La crise d’alignement multi-agents
La recherche traditionnelle sur l’alignement de l’IA s’est concentrée sur l’alignement d’un seul modèle sur les valeurs humaines. La question était simple : comment nous assurer que ce système se comporte comme nous le voulons ? Cette question devient nettement plus difficile lorsque le système contient des dizaines, des centaines ou des milliers d’agents interactifs. Aligner des agents individuels ne garantit pas un comportement de système aligné. Même lorsque chaque composant suit ses règles, le résultat collectif peut être nocif. Les méthodes de sécurité existantes ne sont pas bien adaptées pour détecter ou prévenir ces défaillances.
Les risques de sécurité se multiplient également. Un agent compromis dans un réseau multi-agents peut empoisonner les informations sur lesquelles les autres agents s’appuient. Un dépôt de données corrompu peut propager un comportement désaligné à travers l’ensemble du système. Les vulnérabilités d’infrastructure qui menacent un agent peuvent se propager vers les modèles fondamentaux.

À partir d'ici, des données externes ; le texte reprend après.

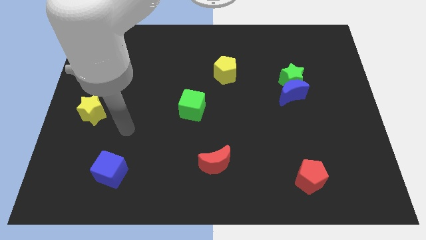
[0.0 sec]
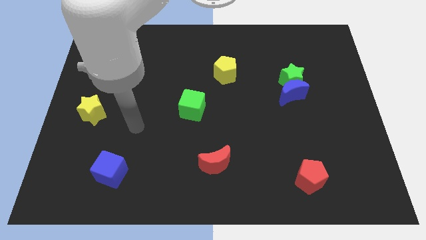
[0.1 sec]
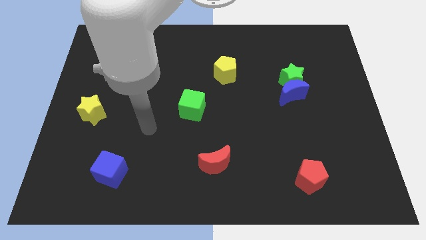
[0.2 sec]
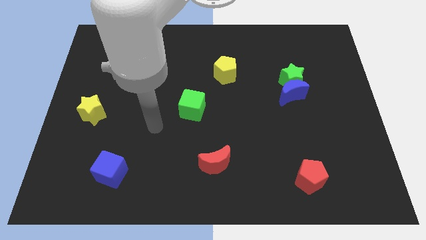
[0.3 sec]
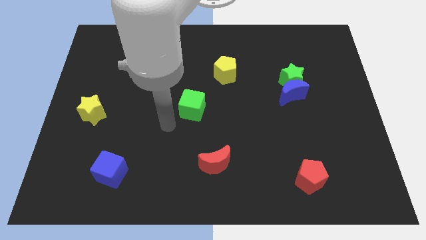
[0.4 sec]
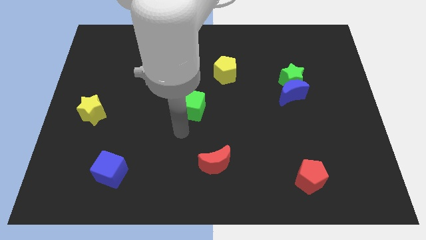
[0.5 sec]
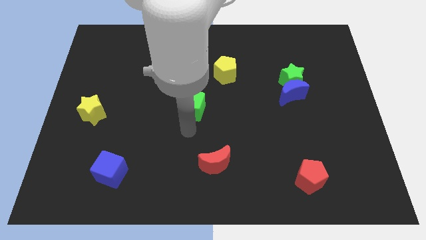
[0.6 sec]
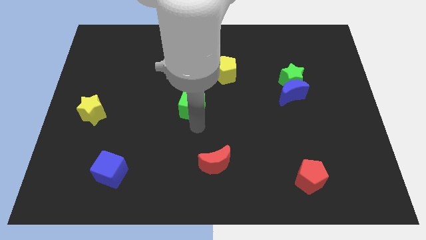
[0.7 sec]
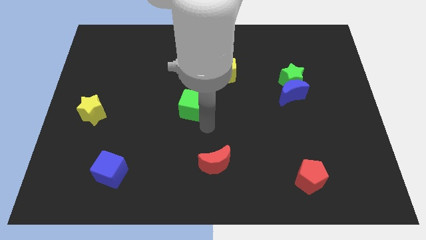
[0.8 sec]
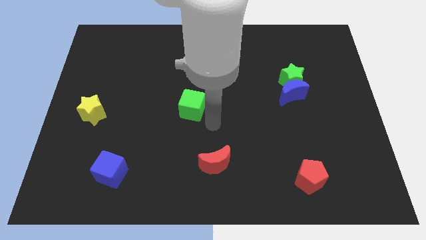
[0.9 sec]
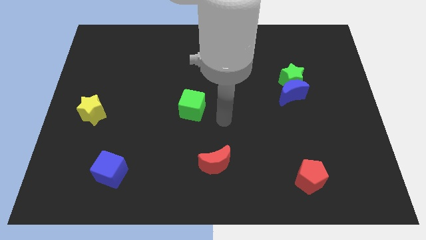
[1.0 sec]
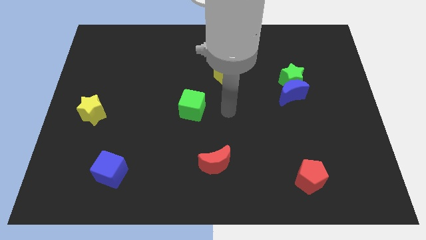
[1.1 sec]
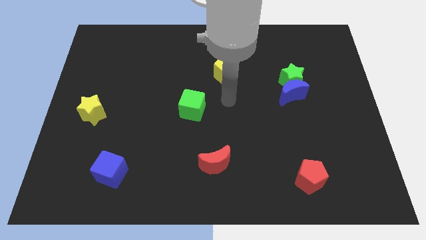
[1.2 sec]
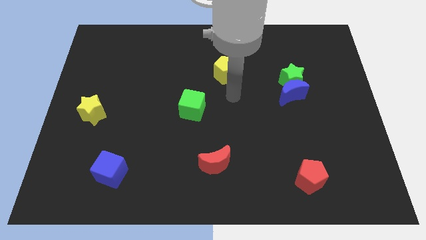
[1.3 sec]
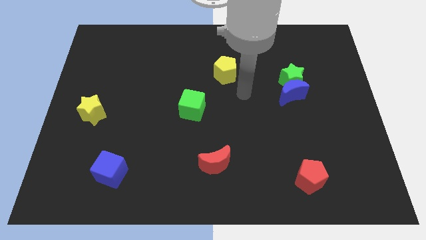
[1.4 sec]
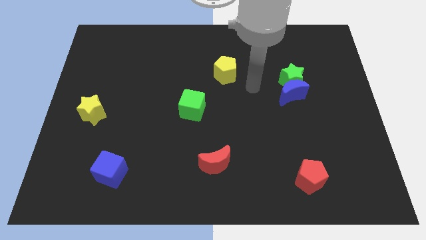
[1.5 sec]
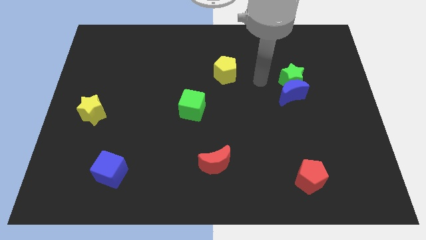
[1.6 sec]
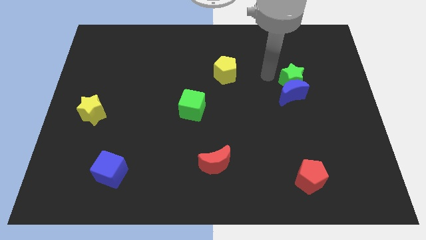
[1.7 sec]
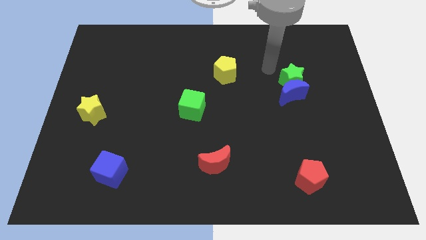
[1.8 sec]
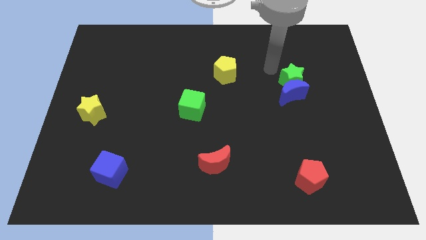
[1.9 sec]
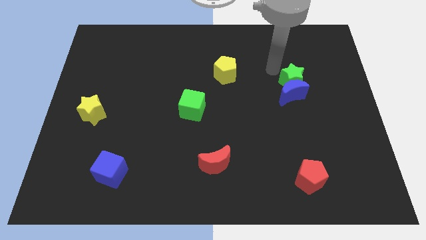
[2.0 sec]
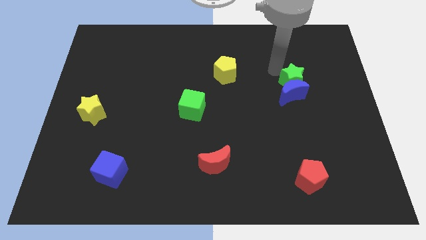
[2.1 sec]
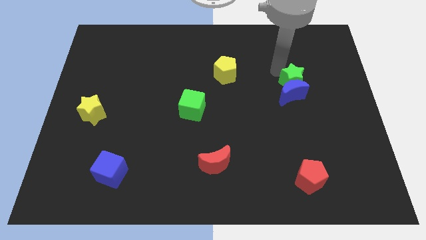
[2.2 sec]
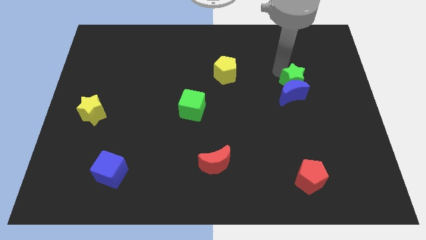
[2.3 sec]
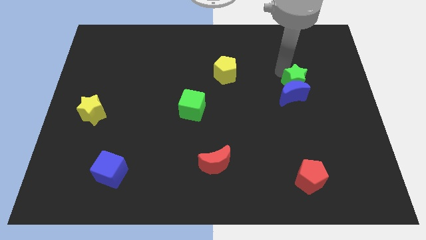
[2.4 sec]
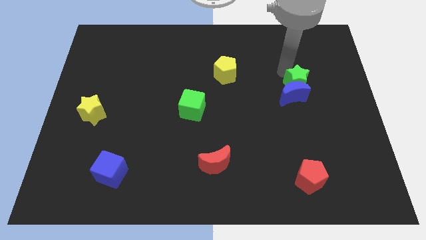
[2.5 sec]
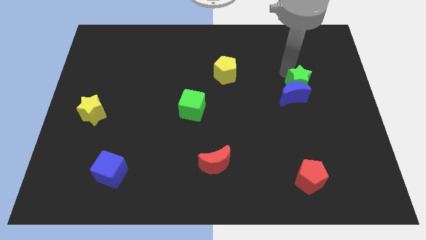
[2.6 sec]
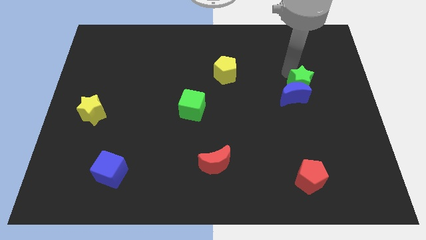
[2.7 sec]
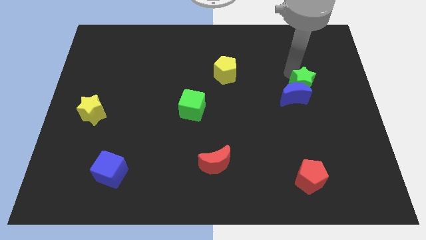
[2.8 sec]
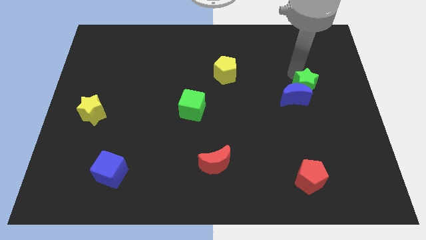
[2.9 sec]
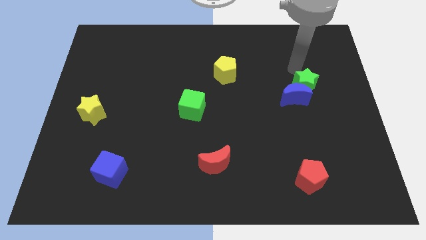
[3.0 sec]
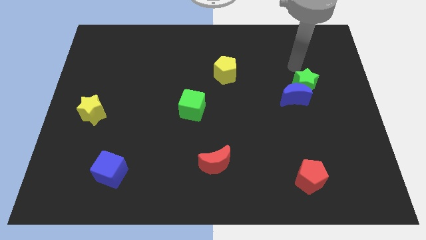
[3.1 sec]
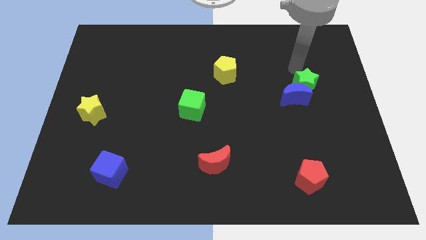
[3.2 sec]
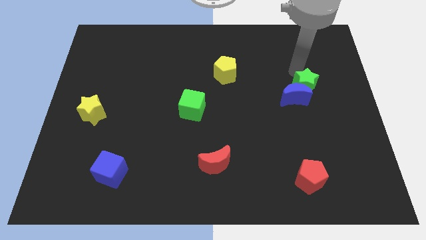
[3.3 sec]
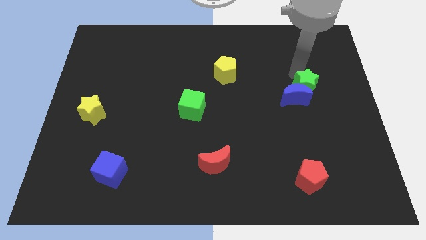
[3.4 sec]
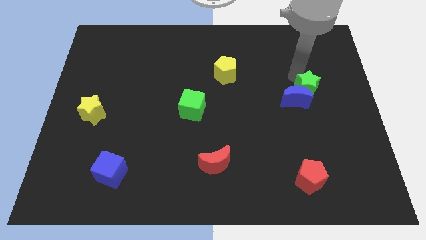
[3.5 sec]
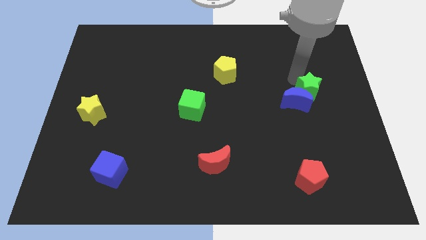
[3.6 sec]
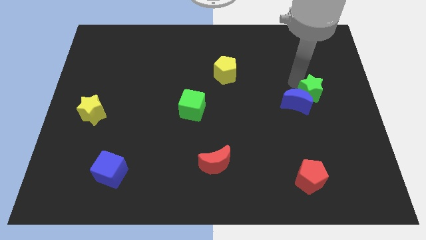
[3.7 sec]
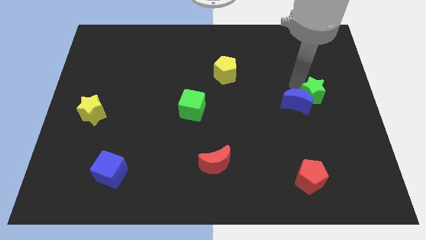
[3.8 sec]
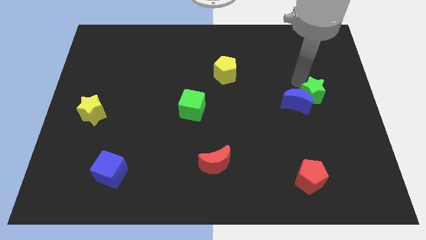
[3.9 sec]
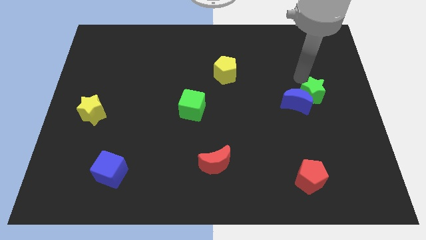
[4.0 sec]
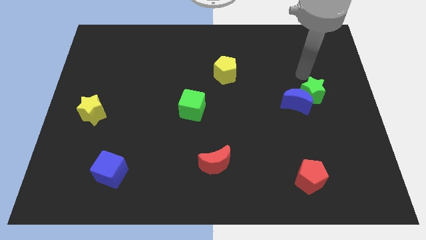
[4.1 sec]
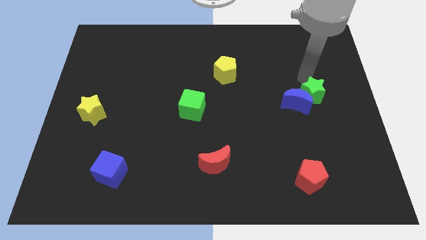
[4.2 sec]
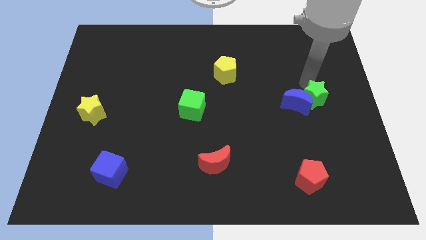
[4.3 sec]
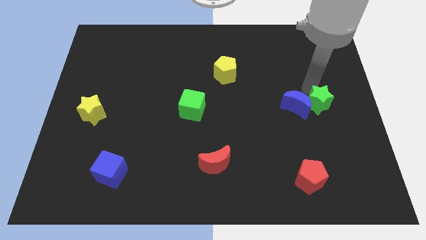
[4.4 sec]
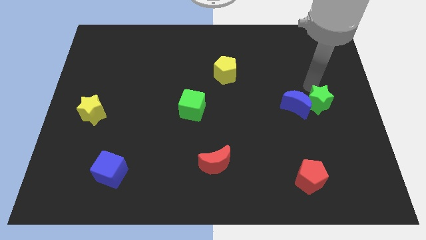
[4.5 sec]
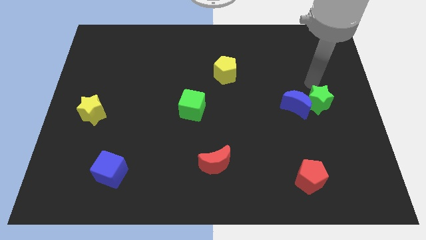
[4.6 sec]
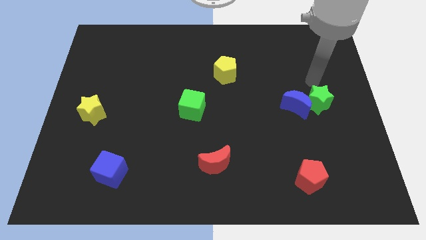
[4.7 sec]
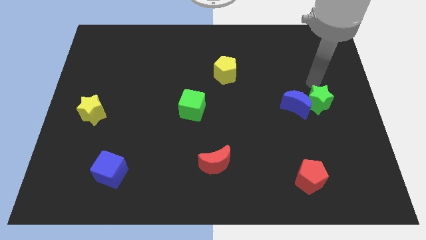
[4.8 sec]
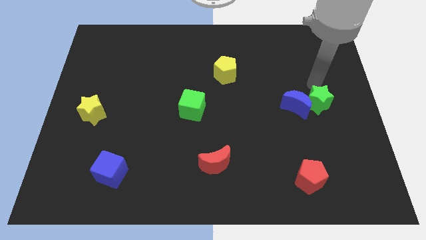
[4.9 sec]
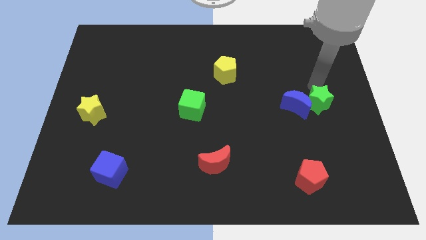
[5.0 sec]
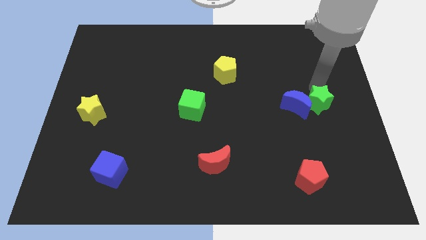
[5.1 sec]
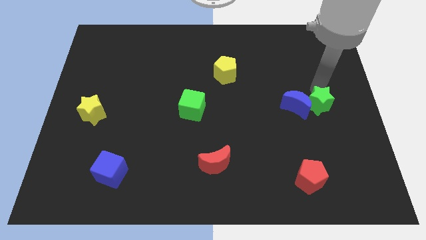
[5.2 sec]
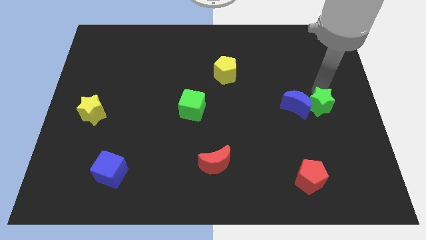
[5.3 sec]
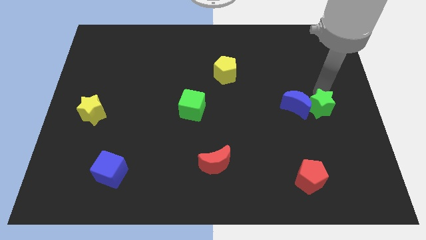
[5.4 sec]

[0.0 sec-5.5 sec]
push the green star somewhat down

La surface d’attaque s’étend avec chaque nouvel agent ajouté.
Pendant ce temps, le fossé de gouvernance continue de s’élargir. Des recherches menées par Microsoft et d’autres organisations ont constaté qu’environ une entreprise sur dix a une stratégie claire pour gérer les identités et les autorisations des agents d’IA. Plus de 40 milliards d’identités autonomes devraient exister d’ici la fin de cette année. La plupart opèrent avec un accès large aux données et aux systèmes, mais sans les protocoles de sécurité appliqués aux utilisateurs humains. Les systèmes évoluent rapidement. Les mécanismes de surveillance ne suivent pas.
En résumé
L’IA est entrée dans une phase où elle peut s’améliorer en construisant de meilleures versions d’elle-même. L’intelligence récursive, menée par les agents, promet des gains extraordinaires, mais elle introduit également des risques qui s’accroissent plus vite que la surveillance, la gouvernance et l’intuition humaines. Le défi à venir n’est pas de savoir si ce changement peut être stoppé, mais si la sécurité, l’alignement et la responsabilité peuvent progresser au même rythme que la capacité. Si ce n’est pas le cas, l’explosion d’intelligence dépassera notre capacité à la guider.